# PROBLEM REQUIREMENTS
The answer must be an exact copy of the entries below, with no images in it.

++++

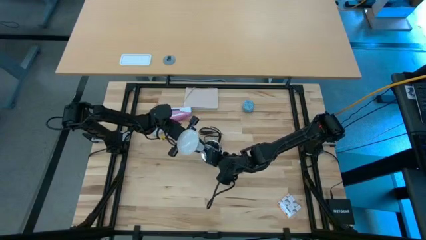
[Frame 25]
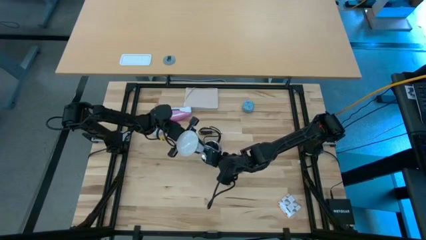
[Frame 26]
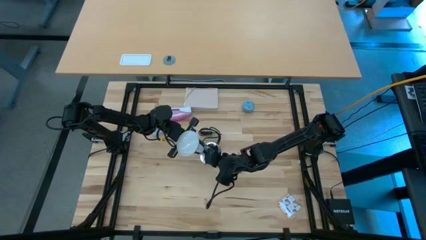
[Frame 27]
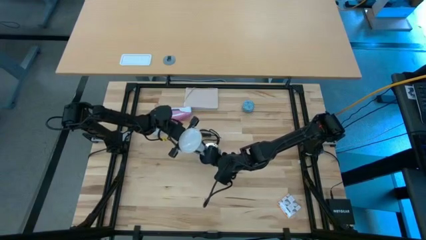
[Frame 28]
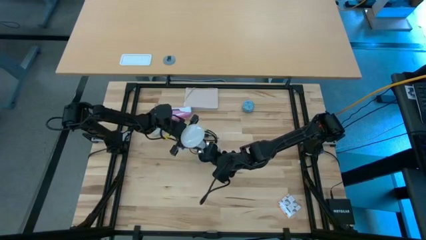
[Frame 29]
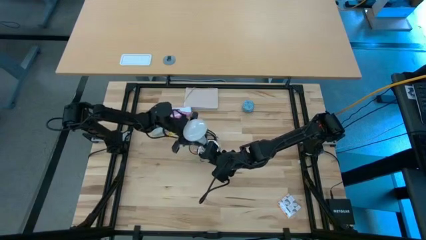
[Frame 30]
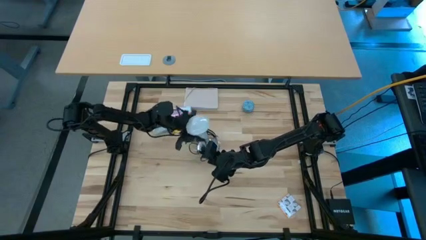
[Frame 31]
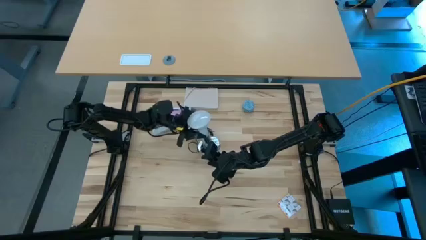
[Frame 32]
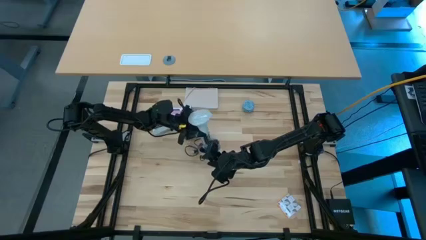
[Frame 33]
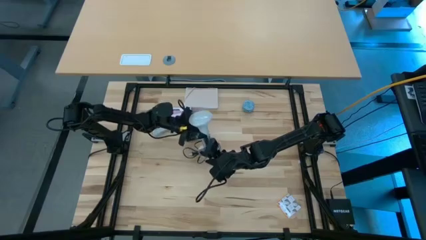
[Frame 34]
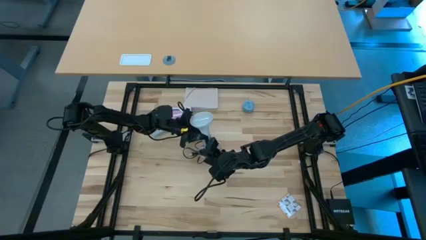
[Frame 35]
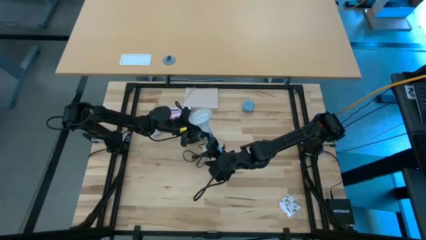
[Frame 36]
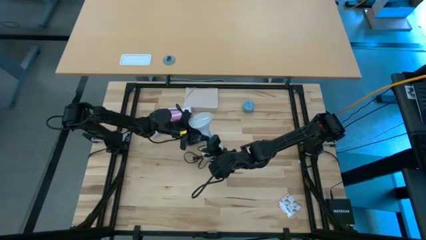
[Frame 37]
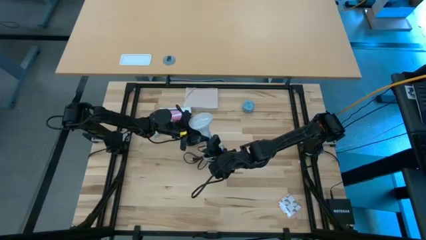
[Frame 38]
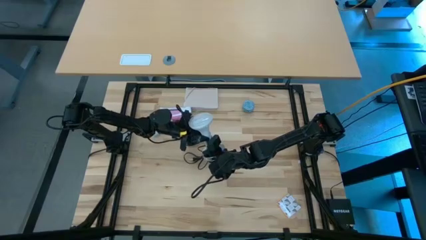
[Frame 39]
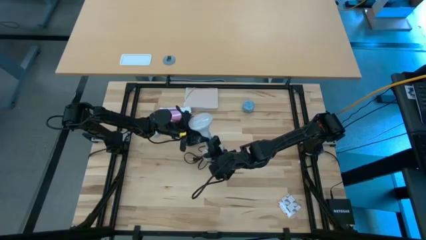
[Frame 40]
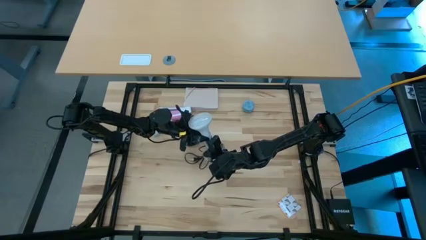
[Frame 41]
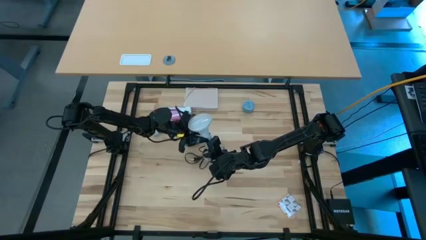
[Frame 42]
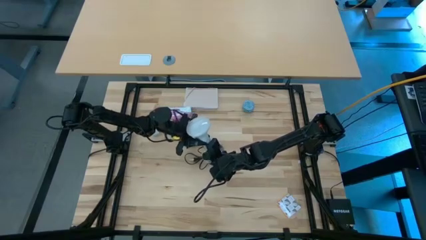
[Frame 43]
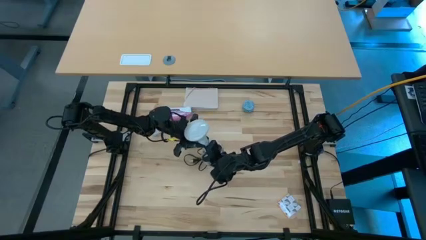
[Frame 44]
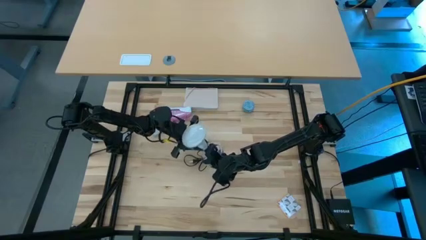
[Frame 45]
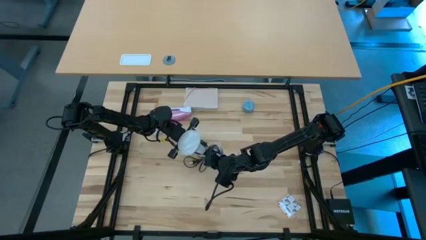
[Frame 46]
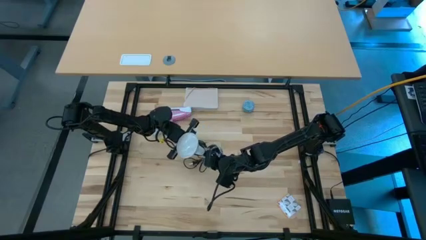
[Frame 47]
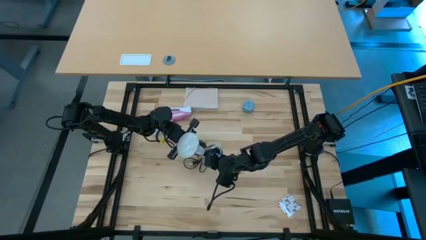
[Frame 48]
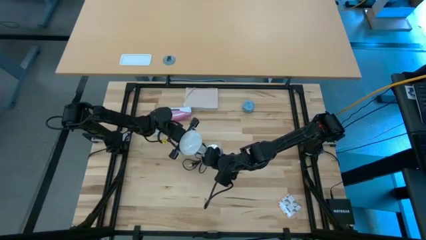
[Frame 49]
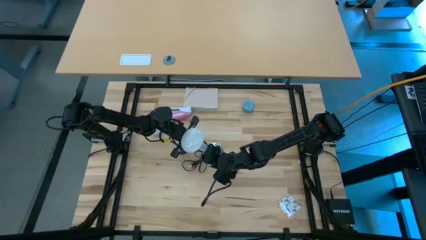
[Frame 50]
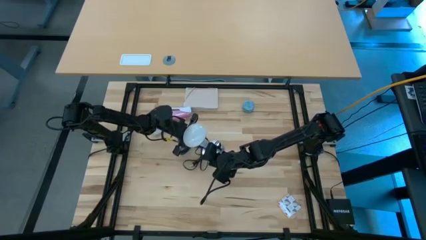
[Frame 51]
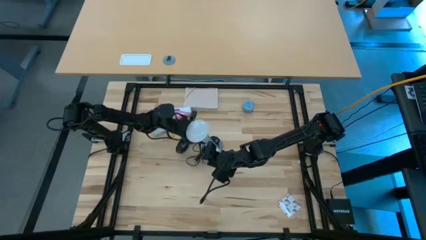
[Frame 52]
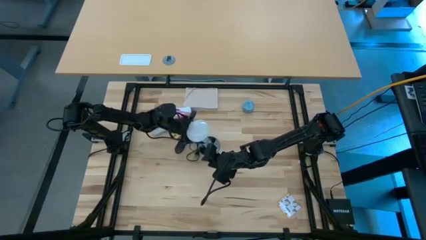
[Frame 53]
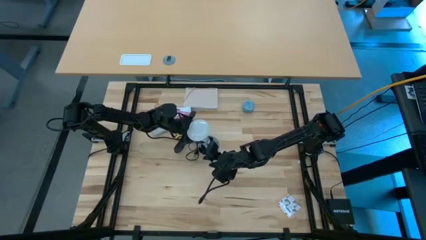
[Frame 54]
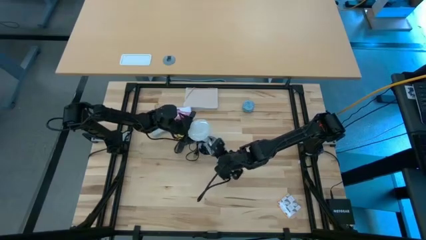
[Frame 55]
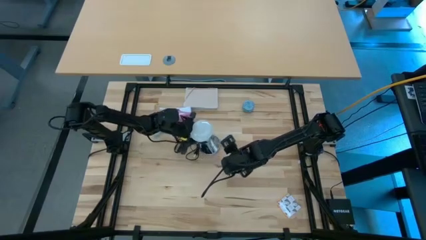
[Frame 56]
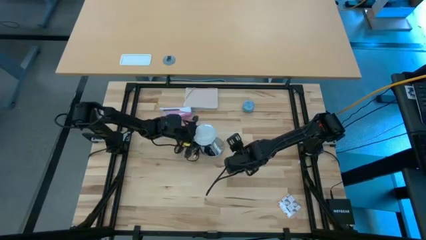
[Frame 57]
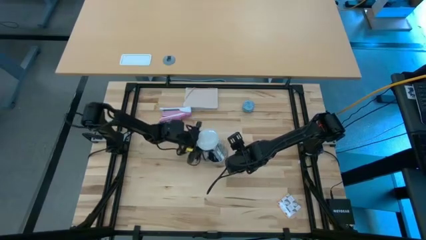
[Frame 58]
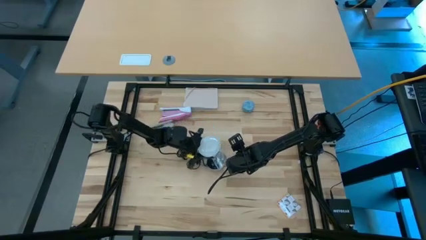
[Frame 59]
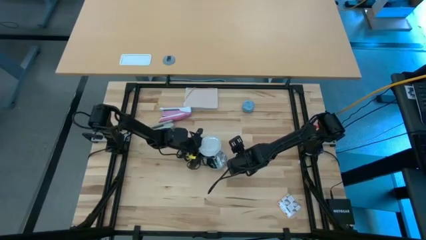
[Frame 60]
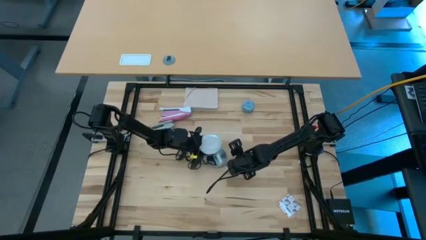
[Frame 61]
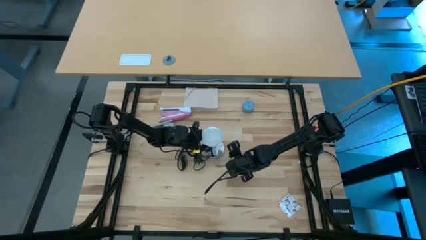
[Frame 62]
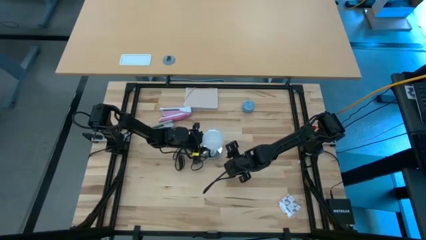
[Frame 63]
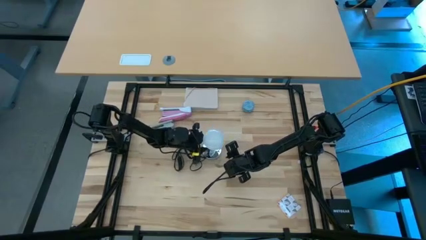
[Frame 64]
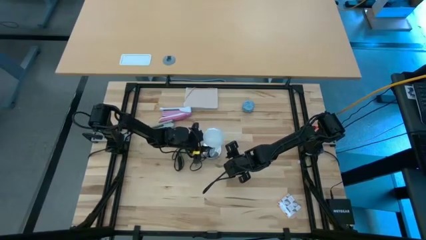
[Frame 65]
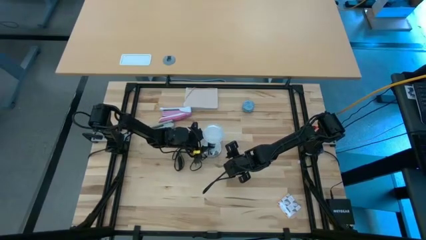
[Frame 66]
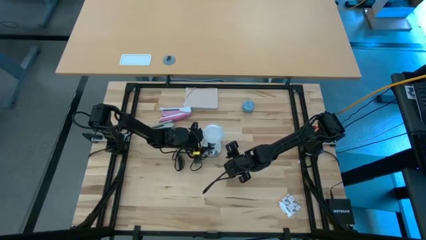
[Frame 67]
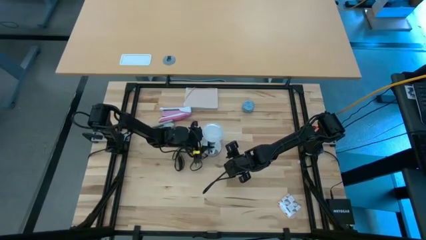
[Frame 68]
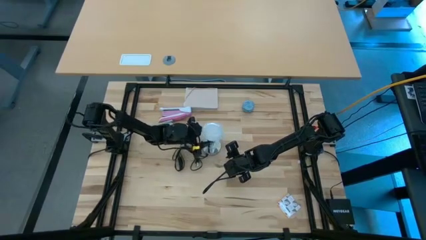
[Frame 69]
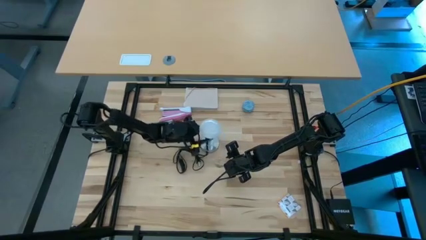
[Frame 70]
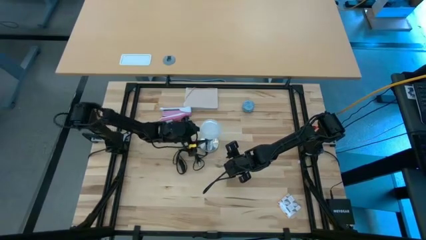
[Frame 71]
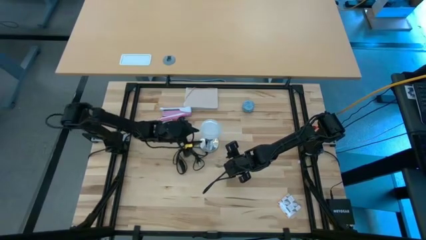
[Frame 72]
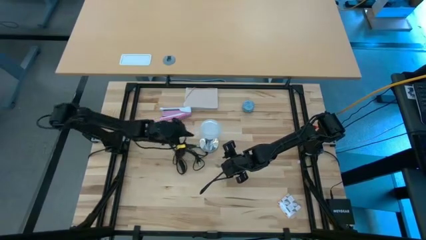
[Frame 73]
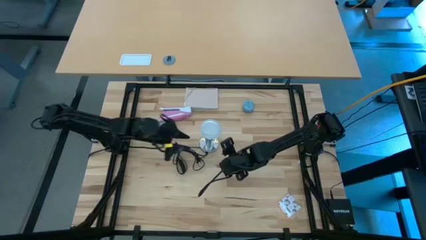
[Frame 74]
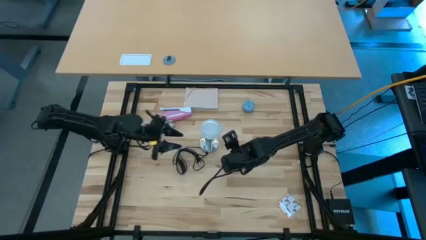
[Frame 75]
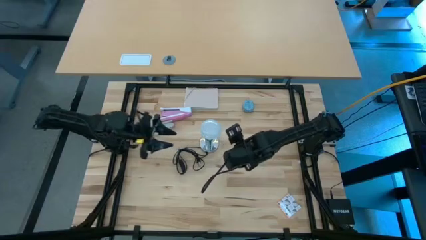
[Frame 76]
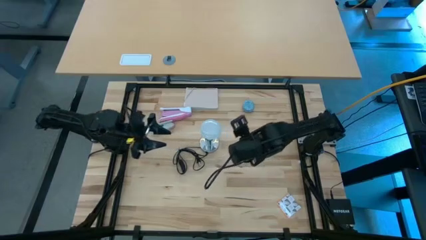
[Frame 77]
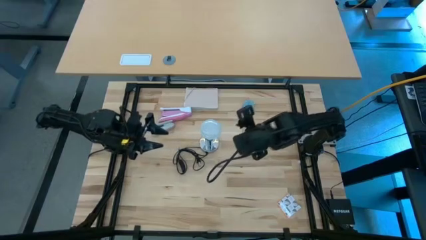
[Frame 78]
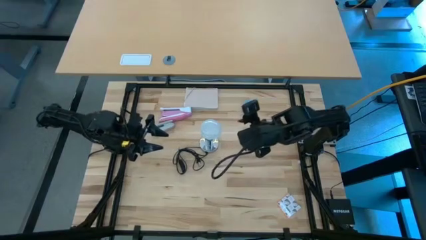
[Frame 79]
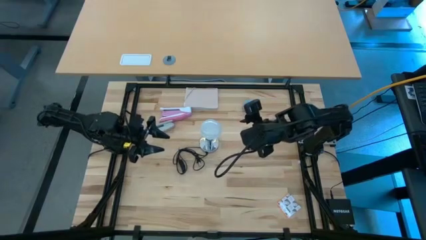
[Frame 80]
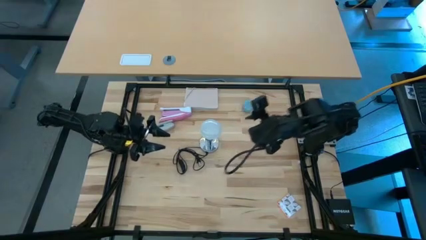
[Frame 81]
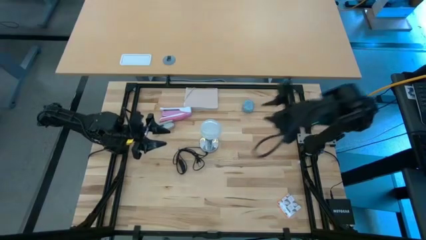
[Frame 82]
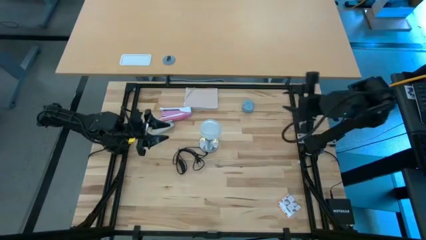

++++

# REPLY TO THE TASK
[Frame 25]
[Frame 26]
[Frame 27]
[Frame 28]
[Frame 29]
[Frame 30]
[Frame 31]
[Frame 32]
[Frame 33]
[Frame 34]
[Frame 35]
[Frame 36]
[Frame 37]
[Frame 38]
[Frame 39]
[Frame 40]
[Frame 41]
[Frame 42]
[Frame 43]
[Frame 44]
[Frame 45]
[Frame 46]
[Frame 47]
[Frame 48]
[Frame 49]
[Frame 50]
[Frame 51]
[Frame 52]
[Frame 53]
[Frame 54]
[Frame 55]
[Frame 56]
[Frame 57]
[Frame 58]
[Frame 59]
[Frame 60]
[Frame 61]
[Frame 62]
[Frame 63]
[Frame 64]
[Frame 65]
[Frame 66]
[Frame 67]
[Frame 68]
[Frame 69]
[Frame 70]
[Frame 71]
[Frame 72]
[Frame 73]
[Frame 74]
[Frame 75]
[Frame 76]
[Frame 77]
[Frame 78]
[Frame 79]
[Frame 80]
[Frame 81]
[Frame 82]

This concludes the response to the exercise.